[Records from a collection]
========================================
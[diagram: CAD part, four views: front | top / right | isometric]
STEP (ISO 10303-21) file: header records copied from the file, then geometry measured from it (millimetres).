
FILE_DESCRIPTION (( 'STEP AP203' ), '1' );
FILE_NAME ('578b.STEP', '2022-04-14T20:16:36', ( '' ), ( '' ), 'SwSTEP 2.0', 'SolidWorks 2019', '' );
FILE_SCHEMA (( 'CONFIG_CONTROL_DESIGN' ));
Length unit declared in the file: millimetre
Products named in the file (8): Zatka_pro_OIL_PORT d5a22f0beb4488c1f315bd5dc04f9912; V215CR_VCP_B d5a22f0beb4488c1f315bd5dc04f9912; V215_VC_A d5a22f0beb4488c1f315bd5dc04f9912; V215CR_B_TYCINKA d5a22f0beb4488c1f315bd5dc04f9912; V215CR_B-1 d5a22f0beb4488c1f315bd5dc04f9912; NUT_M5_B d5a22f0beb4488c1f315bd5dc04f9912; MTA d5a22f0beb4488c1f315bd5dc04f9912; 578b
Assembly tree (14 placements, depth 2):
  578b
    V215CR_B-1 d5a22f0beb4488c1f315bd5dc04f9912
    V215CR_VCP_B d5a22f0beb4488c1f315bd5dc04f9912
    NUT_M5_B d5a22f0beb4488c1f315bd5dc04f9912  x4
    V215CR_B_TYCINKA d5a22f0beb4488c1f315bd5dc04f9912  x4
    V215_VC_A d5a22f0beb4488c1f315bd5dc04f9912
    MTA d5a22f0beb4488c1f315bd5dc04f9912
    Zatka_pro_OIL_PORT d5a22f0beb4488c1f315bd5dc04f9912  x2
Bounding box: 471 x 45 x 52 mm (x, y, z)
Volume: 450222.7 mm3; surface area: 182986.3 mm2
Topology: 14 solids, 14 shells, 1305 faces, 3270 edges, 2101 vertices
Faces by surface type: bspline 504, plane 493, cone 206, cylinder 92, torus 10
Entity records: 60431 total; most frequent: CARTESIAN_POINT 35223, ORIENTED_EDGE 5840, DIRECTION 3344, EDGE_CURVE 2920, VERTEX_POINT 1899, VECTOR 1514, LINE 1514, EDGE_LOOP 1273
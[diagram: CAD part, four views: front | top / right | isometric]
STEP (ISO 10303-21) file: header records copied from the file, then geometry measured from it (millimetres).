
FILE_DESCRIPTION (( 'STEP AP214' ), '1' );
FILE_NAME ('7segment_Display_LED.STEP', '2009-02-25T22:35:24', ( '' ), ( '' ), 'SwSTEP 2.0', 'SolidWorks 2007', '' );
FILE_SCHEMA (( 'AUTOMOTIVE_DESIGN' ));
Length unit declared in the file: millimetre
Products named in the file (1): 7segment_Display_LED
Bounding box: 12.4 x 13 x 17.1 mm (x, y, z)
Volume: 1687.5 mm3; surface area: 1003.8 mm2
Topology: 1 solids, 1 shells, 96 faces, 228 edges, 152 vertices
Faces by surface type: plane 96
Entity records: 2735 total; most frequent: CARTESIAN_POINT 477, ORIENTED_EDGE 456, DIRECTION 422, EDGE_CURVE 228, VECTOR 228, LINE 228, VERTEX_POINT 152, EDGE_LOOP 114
========================================
**Requirement**.
Exact copies of all the records are to be printed.

**Task answer**.
[diagram: CAD part, four views: front | top / right | isometric]
STEP (ISO 10303-21) file: header records copied from the file, then geometry measured from it (millimetres).
FILE_DESCRIPTION (( 'STEP AP203' ), '1' );
FILE_NAME ('578b.STEP', '2022-04-14T20:16:36', ( '' ), ( '' ), 'SwSTEP 2.0', 'SolidWorks 2019', '' );
FILE_SCHEMA (( 'CONFIG_CONTROL_DESIGN' ));
Length unit declared in the file: millimetre
Products named in the file (8): Zatka_pro_OIL_PORT d5a22f0beb4488c1f315bd5dc04f9912; V215CR_VCP_B d5a22f0beb4488c1f315bd5dc04f9912; V215_VC_A d5a22f0beb4488c1f315bd5dc04f9912; V215CR_B_TYCINKA d5a22f0beb4488c1f315bd5dc04f9912; V215CR_B-1 d5a22f0beb4488c1f315bd5dc04f9912; NUT_M5_B d5a22f0beb4488c1f315bd5dc04f9912; MTA d5a22f0beb4488c1f315bd5dc04f9912; 578b
Assembly tree (14 placements, depth 2):
  578b
    V215CR_B-1 d5a22f0beb4488c1f315bd5dc04f9912
    V215CR_VCP_B d5a22f0beb4488c1f315bd5dc04f9912
    NUT_M5_B d5a22f0beb4488c1f315bd5dc04f9912  x4
    V215CR_B_TYCINKA d5a22f0beb4488c1f315bd5dc04f9912  x4
    V215_VC_A d5a22f0beb4488c1f315bd5dc04f9912
    MTA d5a22f0beb4488c1f315bd5dc04f9912
    Zatka_pro_OIL_PORT d5a22f0beb4488c1f315bd5dc04f9912  x2
Bounding box: 471 x 45 x 52 mm (x, y, z)
Volume: 450222.7 mm3; surface area: 182986.3 mm2
Topology: 14 solids, 14 shells, 1305 faces, 3270 edges, 2101 vertices
Faces by surface type: bspline 504, plane 493, cone 206, cylinder 92, torus 10
Entity records: 60431 total; most frequent: CARTESIAN_POINT 35223, ORIENTED_EDGE 5840, DIRECTION 3344, EDGE_CURVE 2920, VERTEX_POINT 1899, VECTOR 1514, LINE 1514, EDGE_LOOP 1273
[diagram: CAD part, four views: front | top / right | isometric]
STEP (ISO 10303-21) file: header records copied from the file, then geometry measured from it (millimetres).
FILE_DESCRIPTION (( 'STEP AP214' ), '1' );
FILE_NAME ('7segment_Display_LED.STEP', '2009-02-25T22:35:24', ( '' ), ( '' ), 'SwSTEP 2.0', 'SolidWorks 2007', '' );
FILE_SCHEMA (( 'AUTOMOTIVE_DESIGN' ));
Length unit declared in the file: millimetre
Products named in the file (1): 7segment_Display_LED
Bounding box: 12.4 x 13 x 17.1 mm (x, y, z)
Volume: 1687.5 mm3; surface area: 1003.8 mm2
Topology: 1 solids, 1 shells, 96 faces, 228 edges, 152 vertices
Faces by surface type: plane 96
Entity records: 2735 total; most frequent: CARTESIAN_POINT 477, ORIENTED_EDGE 456, DIRECTION 422, EDGE_CURVE 228, VECTOR 228, LINE 228, VERTEX_POINT 152, EDGE_LOOP 114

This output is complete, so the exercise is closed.